__Problem__.
Return every line from the records below in which the word "just" is found.

__Input data__.
::::

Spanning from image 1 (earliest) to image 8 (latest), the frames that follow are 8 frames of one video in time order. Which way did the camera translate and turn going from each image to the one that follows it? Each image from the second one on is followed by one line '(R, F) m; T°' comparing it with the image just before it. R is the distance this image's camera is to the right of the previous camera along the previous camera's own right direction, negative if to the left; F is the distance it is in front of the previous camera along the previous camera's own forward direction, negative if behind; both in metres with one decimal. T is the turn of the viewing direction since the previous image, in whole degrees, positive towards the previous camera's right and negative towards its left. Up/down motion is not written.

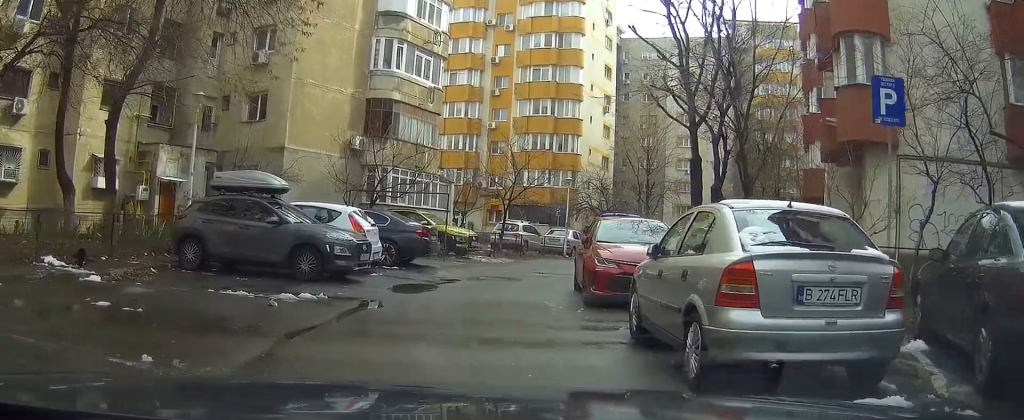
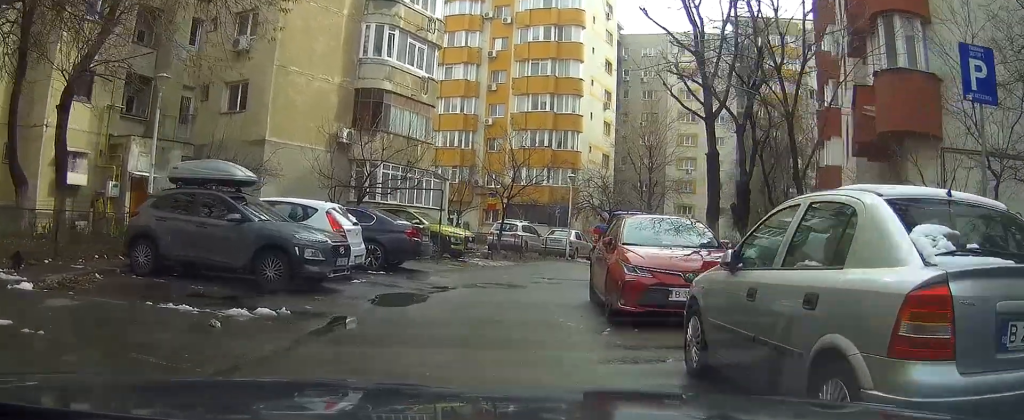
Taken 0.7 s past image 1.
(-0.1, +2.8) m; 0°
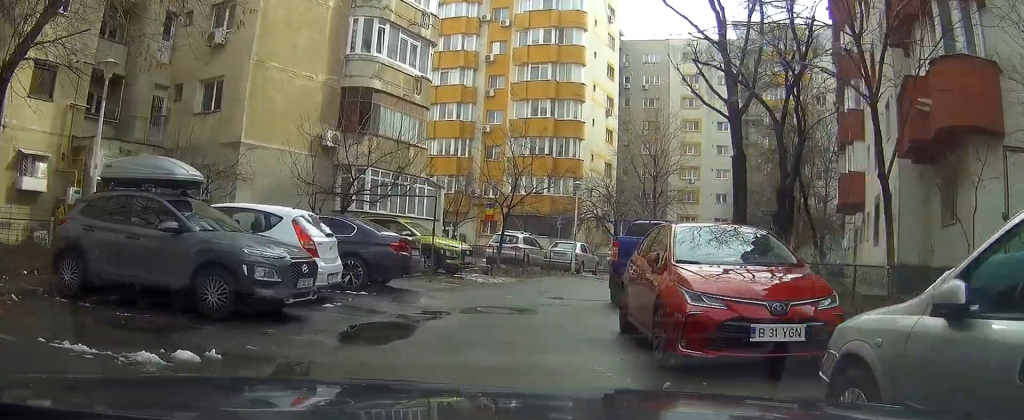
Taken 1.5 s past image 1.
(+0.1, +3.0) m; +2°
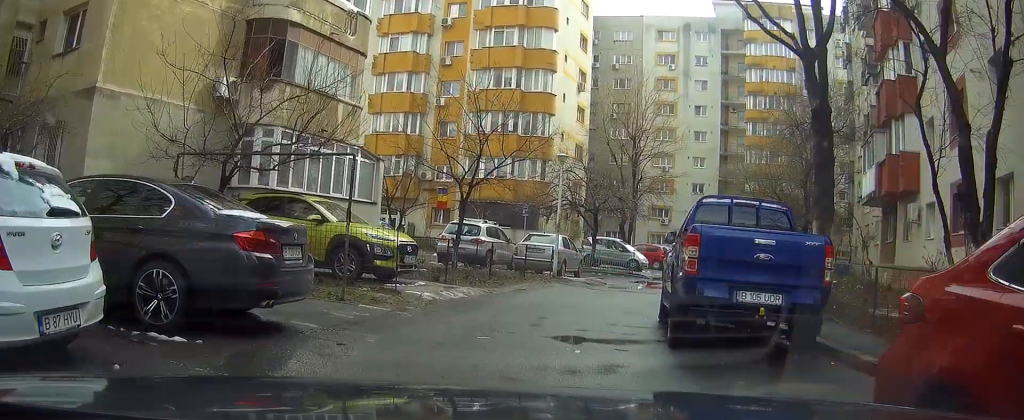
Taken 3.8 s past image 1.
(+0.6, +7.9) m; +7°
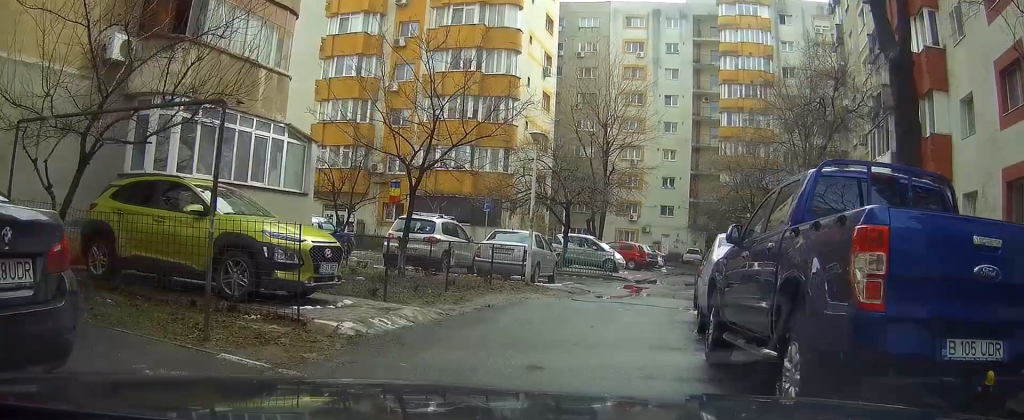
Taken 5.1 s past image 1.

::::

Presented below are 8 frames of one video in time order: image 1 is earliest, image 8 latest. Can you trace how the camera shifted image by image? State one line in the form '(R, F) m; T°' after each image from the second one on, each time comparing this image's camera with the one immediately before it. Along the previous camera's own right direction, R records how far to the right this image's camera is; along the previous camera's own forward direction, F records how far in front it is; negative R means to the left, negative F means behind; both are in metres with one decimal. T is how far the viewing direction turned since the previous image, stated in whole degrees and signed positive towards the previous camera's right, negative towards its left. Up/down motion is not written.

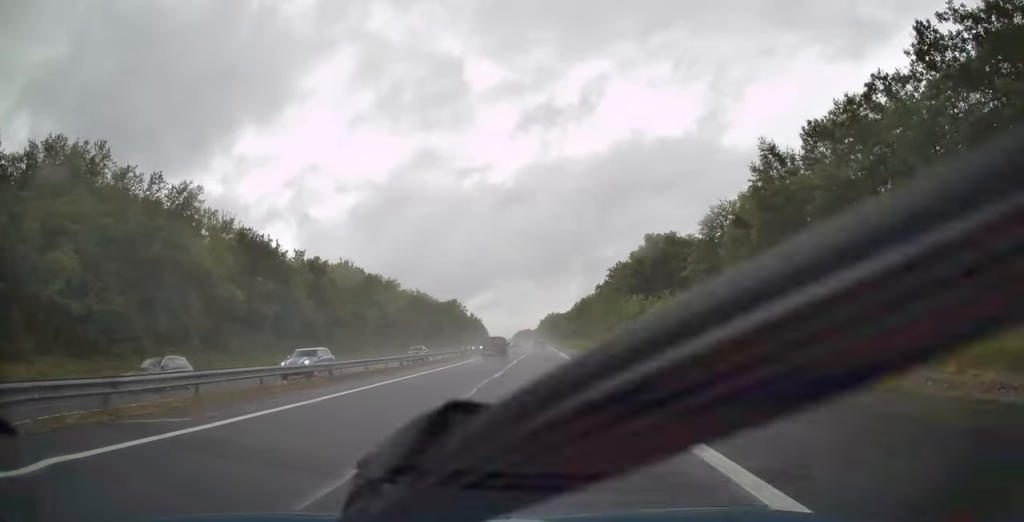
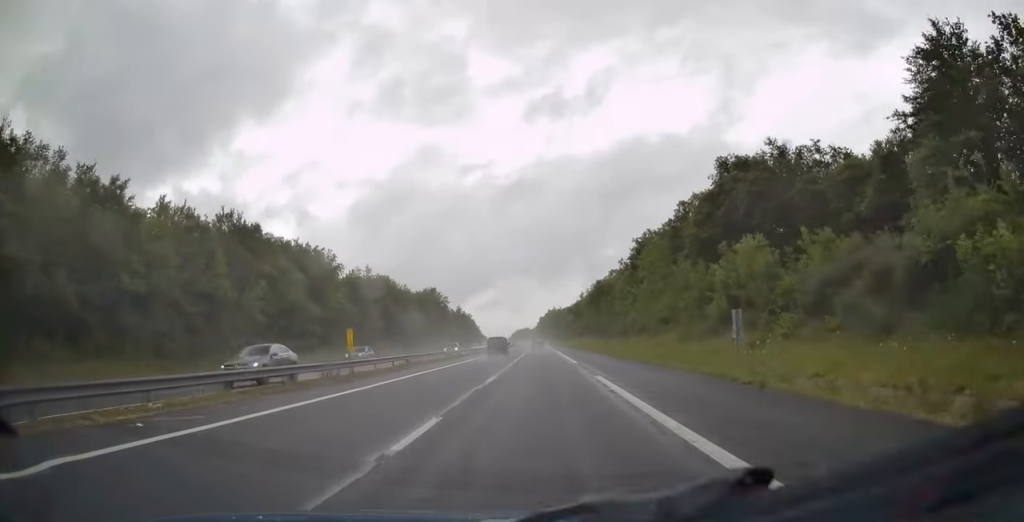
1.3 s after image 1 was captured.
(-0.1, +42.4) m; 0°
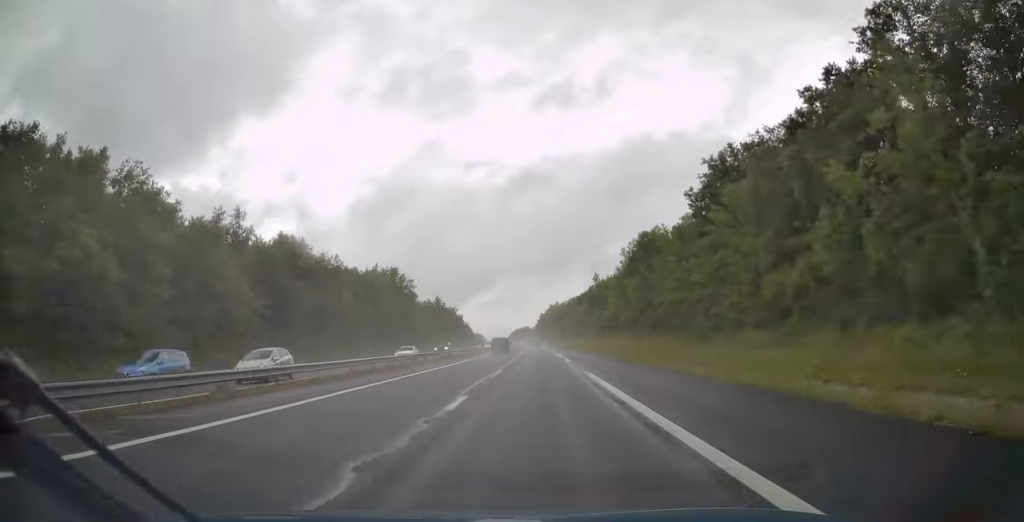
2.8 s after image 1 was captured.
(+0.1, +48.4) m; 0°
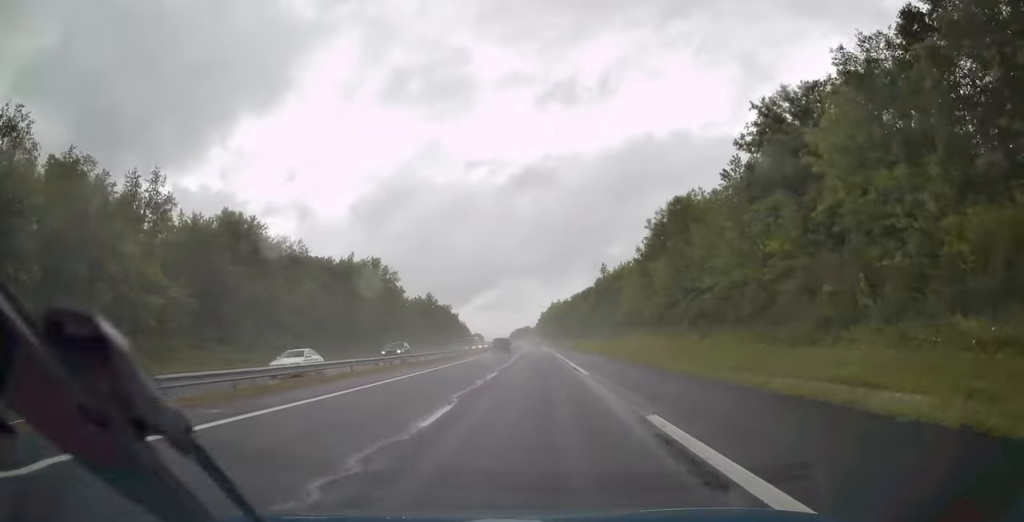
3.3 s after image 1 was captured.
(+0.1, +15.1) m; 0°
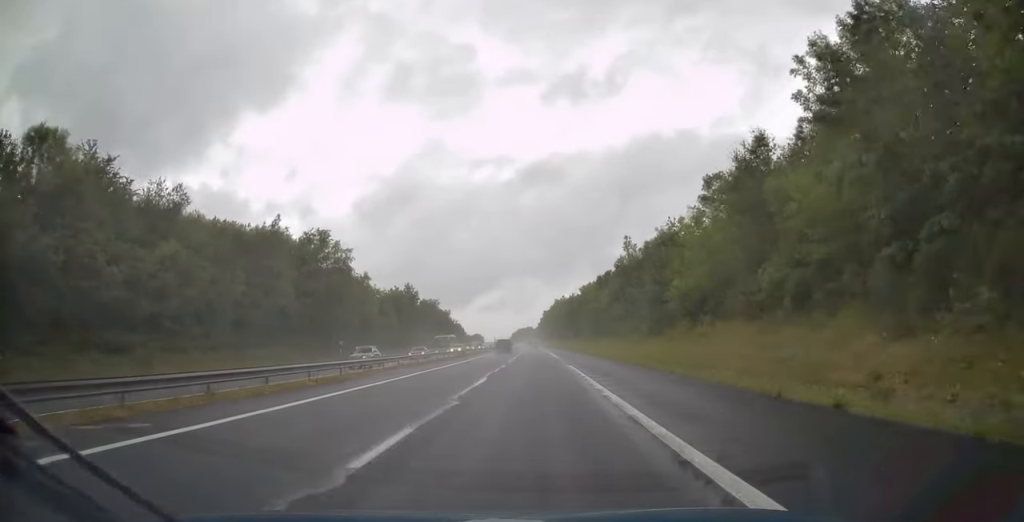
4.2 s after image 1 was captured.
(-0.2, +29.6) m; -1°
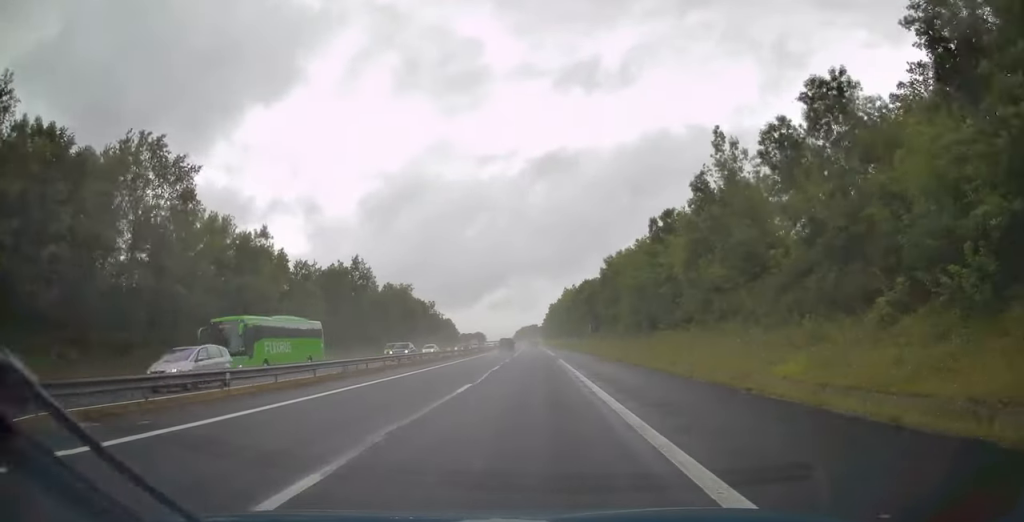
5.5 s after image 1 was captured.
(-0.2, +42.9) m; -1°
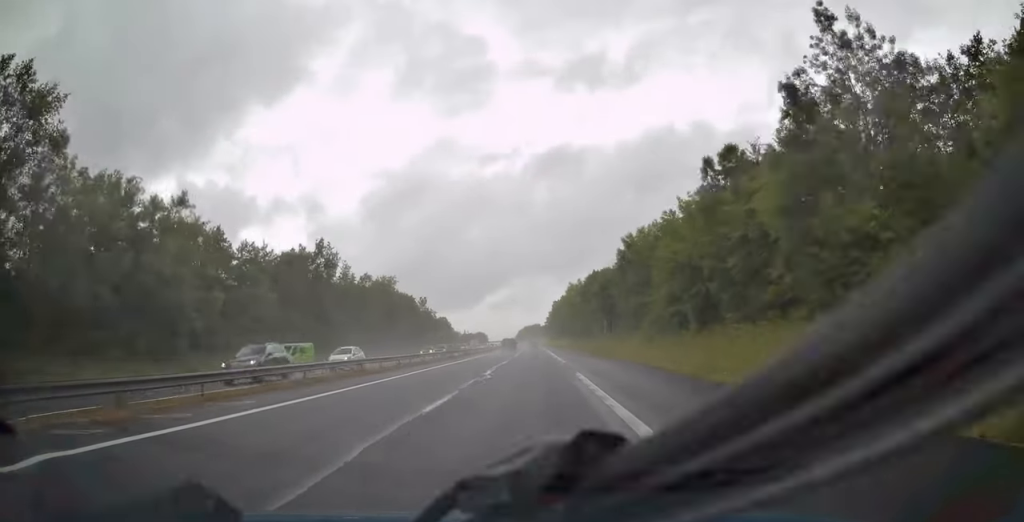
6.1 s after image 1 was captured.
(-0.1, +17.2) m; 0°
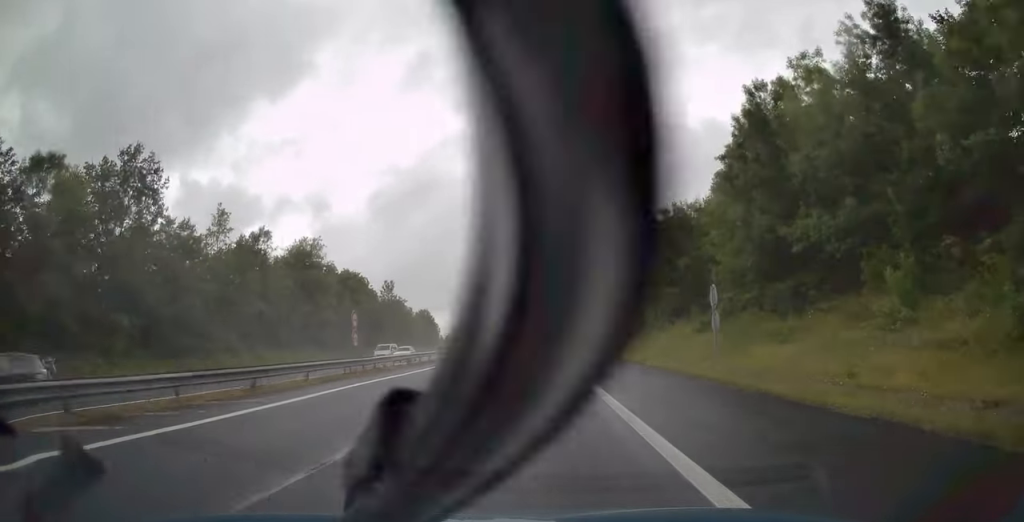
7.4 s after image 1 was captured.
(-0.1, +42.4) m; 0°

::::

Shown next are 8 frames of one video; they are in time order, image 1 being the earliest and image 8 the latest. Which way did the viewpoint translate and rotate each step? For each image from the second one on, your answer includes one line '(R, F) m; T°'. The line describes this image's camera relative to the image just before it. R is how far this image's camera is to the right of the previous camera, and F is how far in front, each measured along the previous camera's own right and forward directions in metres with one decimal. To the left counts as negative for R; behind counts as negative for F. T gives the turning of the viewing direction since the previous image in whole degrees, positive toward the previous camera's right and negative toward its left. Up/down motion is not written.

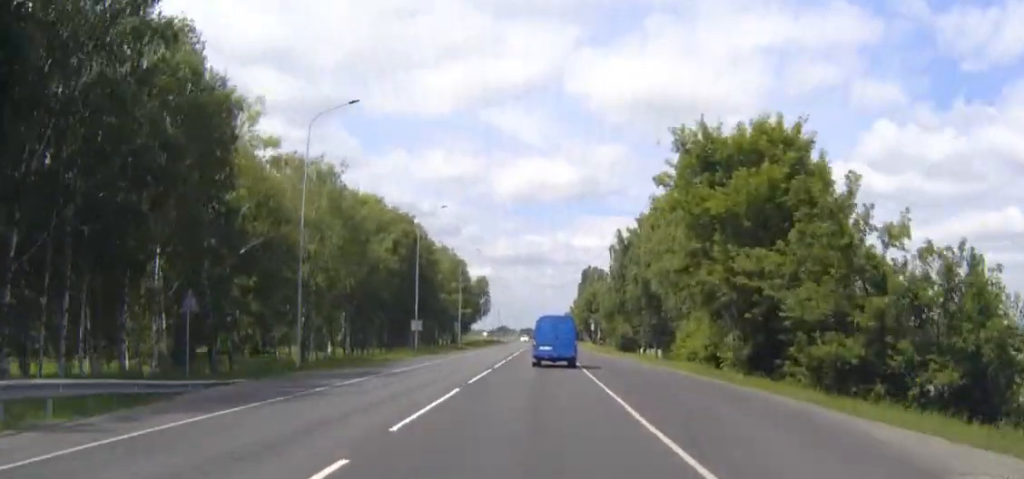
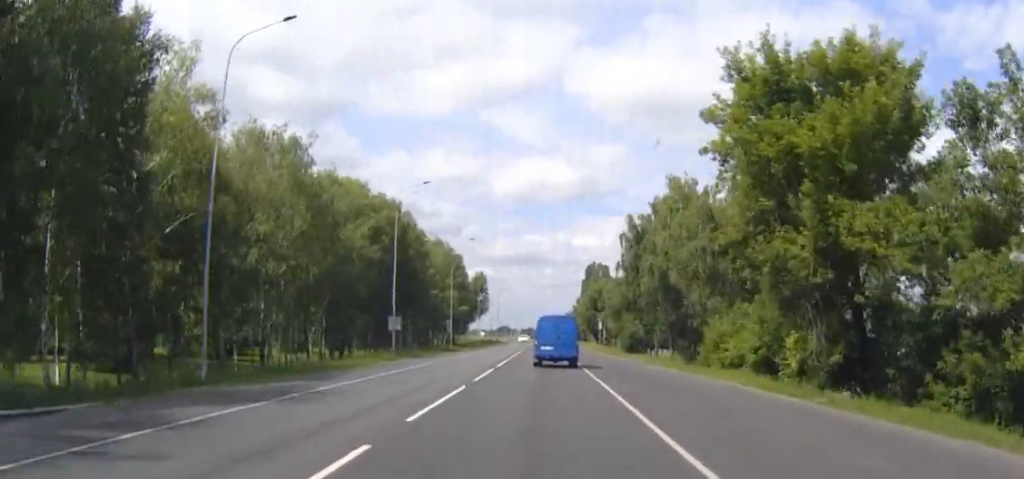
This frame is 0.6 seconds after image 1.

::::

__Task result__.
Spanning from image 1 (earliest) to image 8 (latest), the frames that follow are 8 frames of one video in time order. Which way did the camera translate and turn going from each image to the one that follows it? Each image from the second one on is followed by one line '(R, F) m; T°' comparing it with the image just before it. R is the distance this image's camera is to the right of the previous camera along the previous camera's own right direction, negative if to the left; F is the distance it is in front of the previous camera along the previous camera's own forward direction, negative if behind; both in metres with one decimal. T is the turn of the viewing direction since the previous image, in whole degrees, positive towards the previous camera's right and negative towards its left. Up/down motion is not written.
Shown next are 8 frames of one video; they are in time order, image 1 being the earliest and image 8 the latest. Which way did the viewpoint translate and rotate each step? For each image from the second one on, your answer includes one line '(R, F) m; T°'. The line describes this image's camera relative to the image just before it. R is how far this image's camera is to the right of the previous camera, and F is how far in front, each measured along the previous camera's own right and forward directions in metres with one decimal. To the left counts as negative for R; behind counts as negative for F. T gives the turning of the viewing direction since the previous image in whole degrees, positive toward the previous camera's right and negative toward its left. Up/down motion is not written.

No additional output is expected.